Paste text. Get structure. See what survived.
Shape takes messy text and restructures it into a structured meaning object — not a summary, but a separation of what was said, what was inferred, and what was lost.
Narrative (narrative_segment_v0) — for life story, memoir, transcript, personal narrative:
time_markers, events, actors, decisions, changes,
felt_experience, open_questions
Concept (concept_blob_v0) — for systems thinking, architecture, theory, design argumentation:
core_claims, layer_models, distinctions, principles,
anti_patterns, design_questions, next_moves
Both profiles always include: declared_loss, signal_level, inference_notes.
Shape does 6 things normal summaries don't:
- Separates explicit from inferred
- Surfaces distinctions
- Extracts changes or design rules
- Preserves open questions
- Declares loss — what was dropped and why
- Returns insufficient_signal when the text doesn't have enough structure
cp .env.local.example .env.local
# add your OpenAI key
npm install
npm run devOpen http://localhost:3000. Paste text, select a profile or let it auto-detect, hit Shape.
- You paste text
- Shape detects the profile (narrative or concept) or you override
- The sieve card (
lib/cards/sieve_card_v1.json) is loaded as the shaping contract - The contract + your text are sent to a model
- The model follows the contract: preserve structure, separate explicit from inferred, declare loss
- Output is validated, cast into markdown and JSON, and checked
The card is the instruction. The model is one interpreter.

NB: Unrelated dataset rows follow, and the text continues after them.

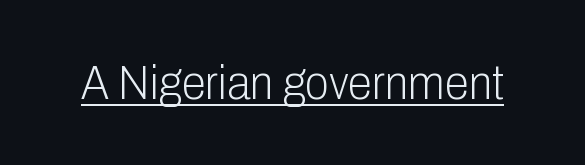
Q: Is the text bold? A: No.
Q: Is the text italic (slanted)? A: No, it is upright.
Q: Is the typeface a serif or a sans-serif typeface? A: Sans-serif.
Q: Is the text underlined? A: Yes.
Q: Is the spacing between letters normal or unusually wide? A: Normal.
Q: Width (condensed, normal, or wide)? A: Condensed.
Q: Stroke contrast? A: Low.
Q: x-height? A: Medium.
Q: Monospaced? A: No.
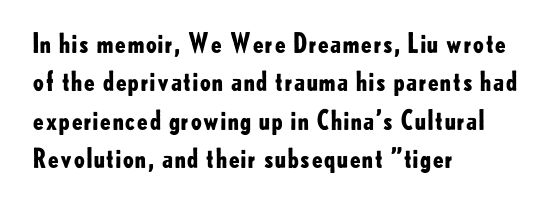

- Structured output: profile-specific fields (events/actors/changes OR claims/distinctions/principles)
- Inference notes: what the model inferred vs what was explicitly stated
- Declared loss: what was intentionally dropped and why
- Signal level: strong / weak / insufficient
- Cast: human-readable markdown + machine-readable JSON
- Check: did the shaping preserve what it should have?
Click "Sieve Card" in the results to see the exact card that shaped your text. The instruction is inspectable, not hidden.
Currently: OpenAI (LLM interpreter).
Coming: local engine (heuristic interpreter, no API key, runs offline). Same profiles, same contracts, same checks. Different interpreter.